## Work instruction
Without the images, set down each entry exactly.
┌─ Supplied material
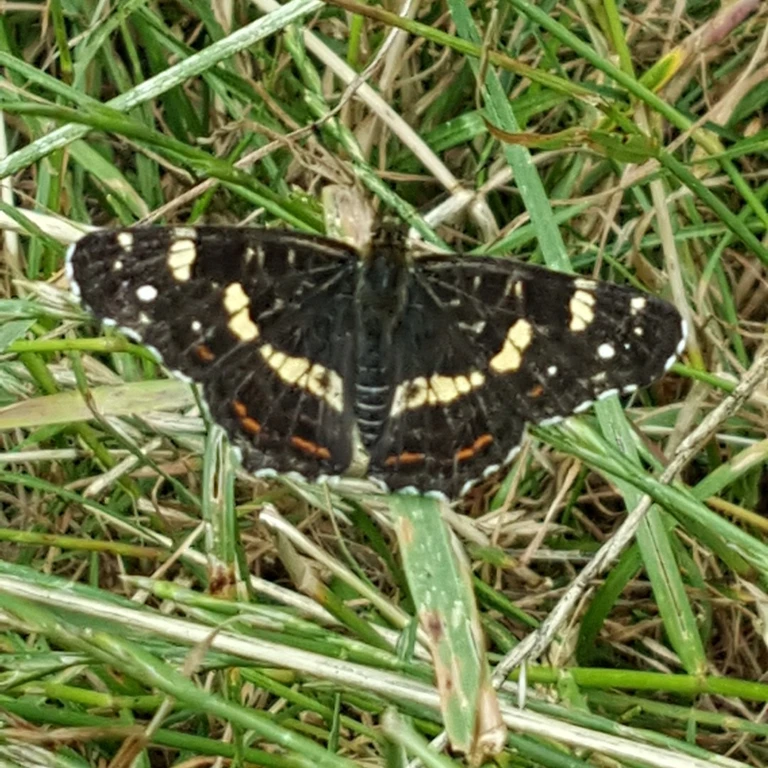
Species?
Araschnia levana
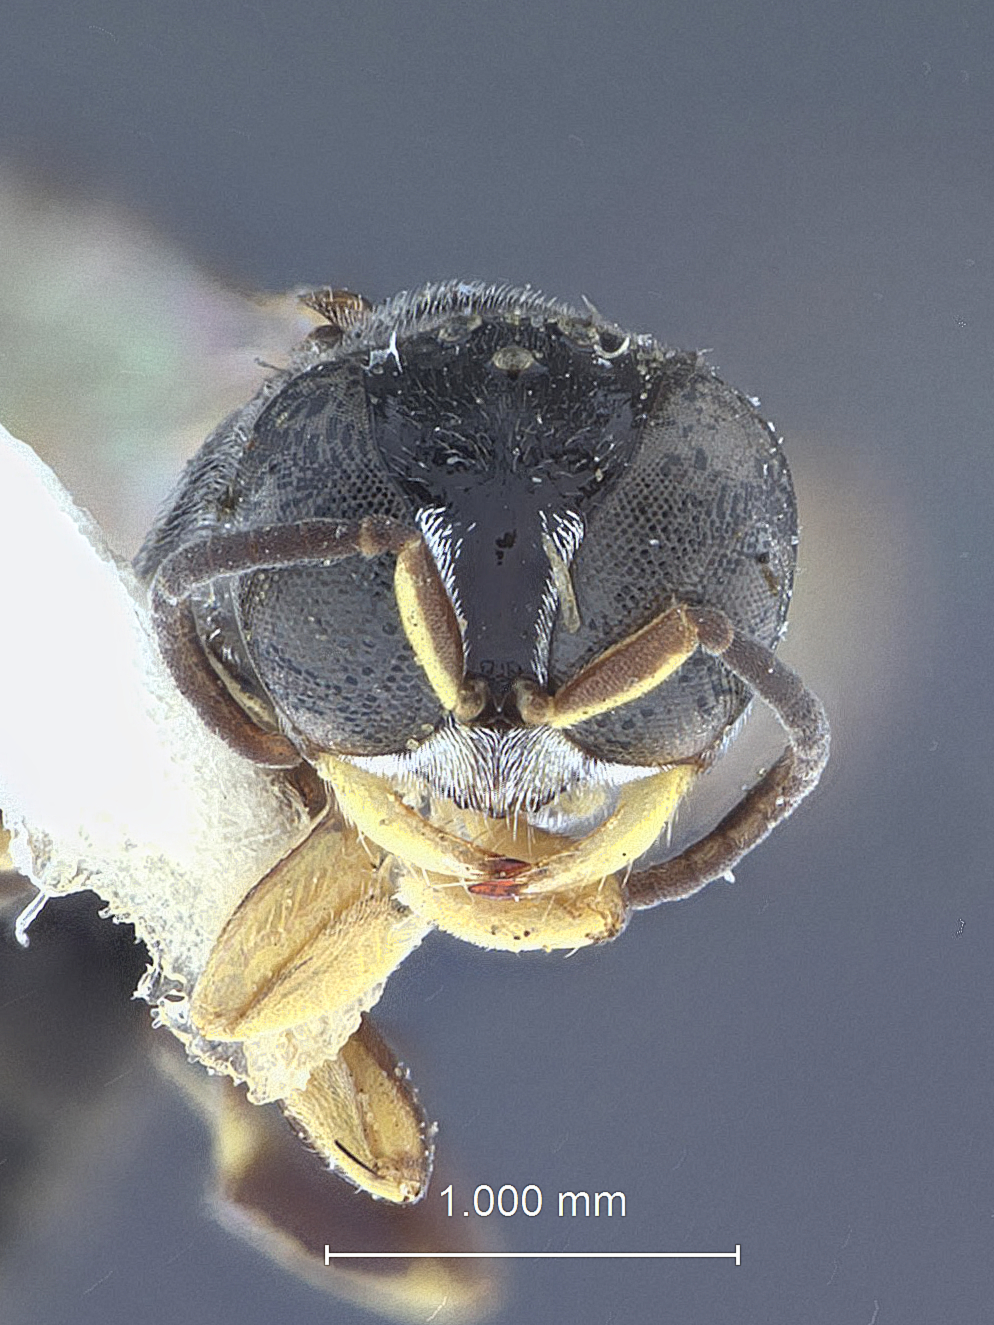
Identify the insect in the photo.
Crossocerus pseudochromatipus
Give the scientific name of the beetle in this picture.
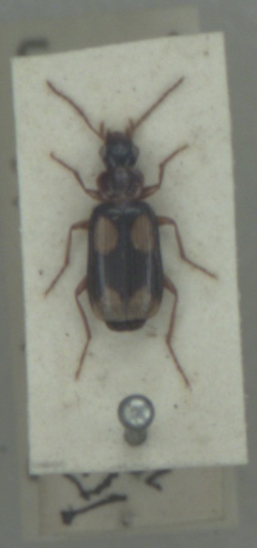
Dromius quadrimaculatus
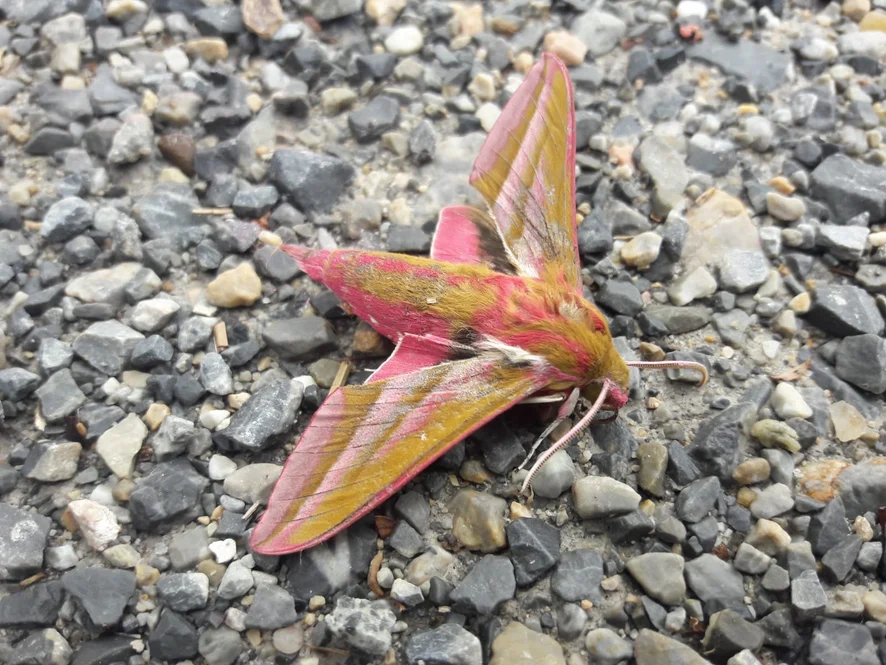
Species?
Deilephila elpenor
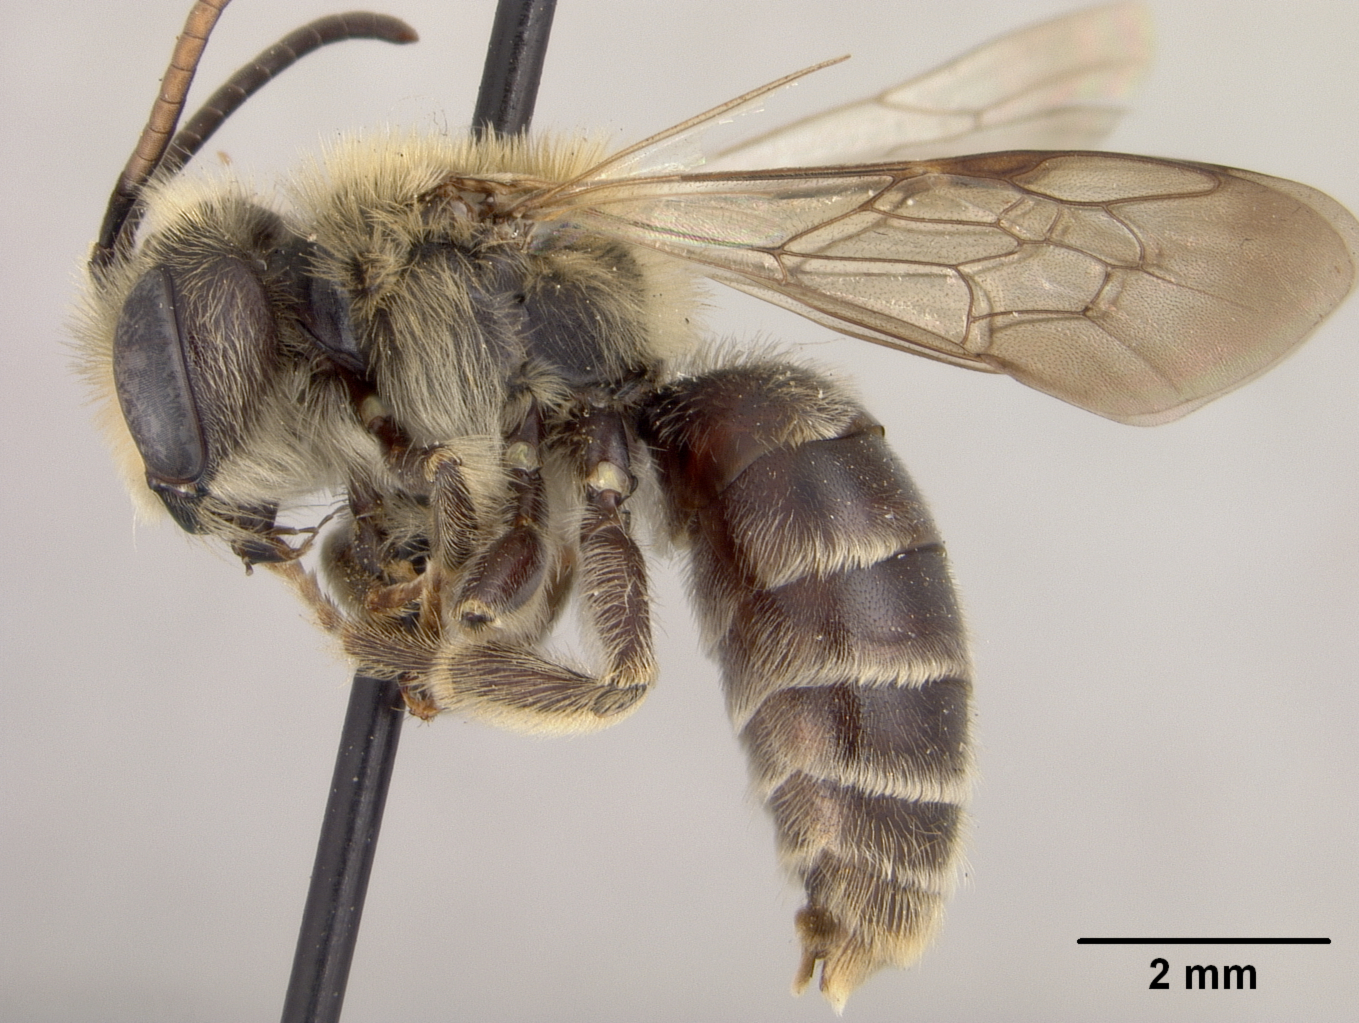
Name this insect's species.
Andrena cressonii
└─
## Result for this task
Species?
Araschnia levana
Identify the insect in the photo.
Crossocerus pseudochromatipus
Give the scientific name of the beetle in this picture.
Dromius quadrimaculatus
Species?
Deilephila elpenor
Name this insect's species.
Andrena cressonii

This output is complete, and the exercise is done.